Television in the UK has changed fast. Aerials and satellite dishes are no longer the default, and more households now watch live channels, catch-up, and on-demand content entirely over broadband.

That’s IPTV — Internet Protocol Television — and it’s quietly become one of the most talked-about, and most misunderstood, categories in consumer tech.

The appeal is obvious: fewer cables, no dish, and access on any device. But the same growth that’s made iptv uk viewing mainstream has also created a market in unauthorised resellers who distribute premium content without a licence. Knowing the difference protects you legally and financially — a properly run iptv subscription shouldn’t carry either risk.

What IPTV Actually Is

IPTV delivers television over the internet instead of through an aerial, cable, or satellite signal. A typical setup has three parts:

  • A source, where the provider hosts channels and on-demand content.
  • A delivery format, usually an M3U playlist or a similar streaming API.
  • A player app that turns the playlist into a normal-looking TV guide with an Electronic Programme Guide (EPG).

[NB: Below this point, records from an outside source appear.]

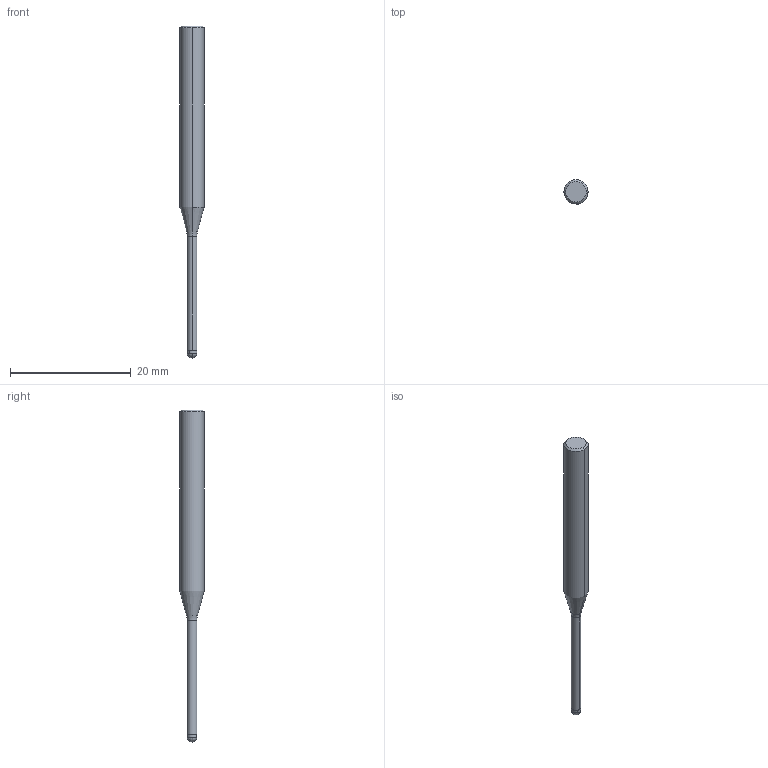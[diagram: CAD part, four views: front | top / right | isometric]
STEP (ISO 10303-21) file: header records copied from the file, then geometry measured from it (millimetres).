
FILE_DESCRIPTION(('no description'),'unknown implementation level');
FILE_NAME('3111720.stp',' ',('CIM GmbH Aachen'),('CADClick - KiM GmbH - www.kimweb.de'),'unknown preprocess','ACIS','unknown authorization');
FILE_SCHEMA(('automotive_design'));
Length unit declared in the file: millimetre
Products named in the file (2): 1; 2
Bounding box: 4 x 4 x 55 mm (x, y, z)
Volume: 446.8 mm3; surface area: 535.4 mm2
Topology: 2 solids, 2 shells, 18 faces, 37 edges, 20 vertices
Faces by surface type: cylinder 6, cone 4, plane 4, torus 2, sphere 2
Entity records: 922 total; most frequent: DIRECTION 102, CARTESIAN_POINT 76, STYLED_ITEM 73, PRESENTATION_STYLE_ASSIGNMENT 73, COLOUR_RGB 73, ORIENTED_EDGE 66, AXIS2_PLACEMENT_3D 46, EDGE_CURVE 33

This is the same underlying technology used by mainstream broadcaster apps and major pay-TV streaming services across the UK. The tech itself is neutral. What makes a service legal is simple: does the provider actually hold the rights to the content it’s selling?

The Legitimate Market

The legitimate side includes free broadcaster apps, officially licensed pay-TV streaming bundles, and licensed aggregators that combine channels under proper rights agreements. They share common traits: transparent pricing, published contact details, and a channel list that matches what you’re paying for. None of them need to dodge ISP blocking, because none of them are blocked.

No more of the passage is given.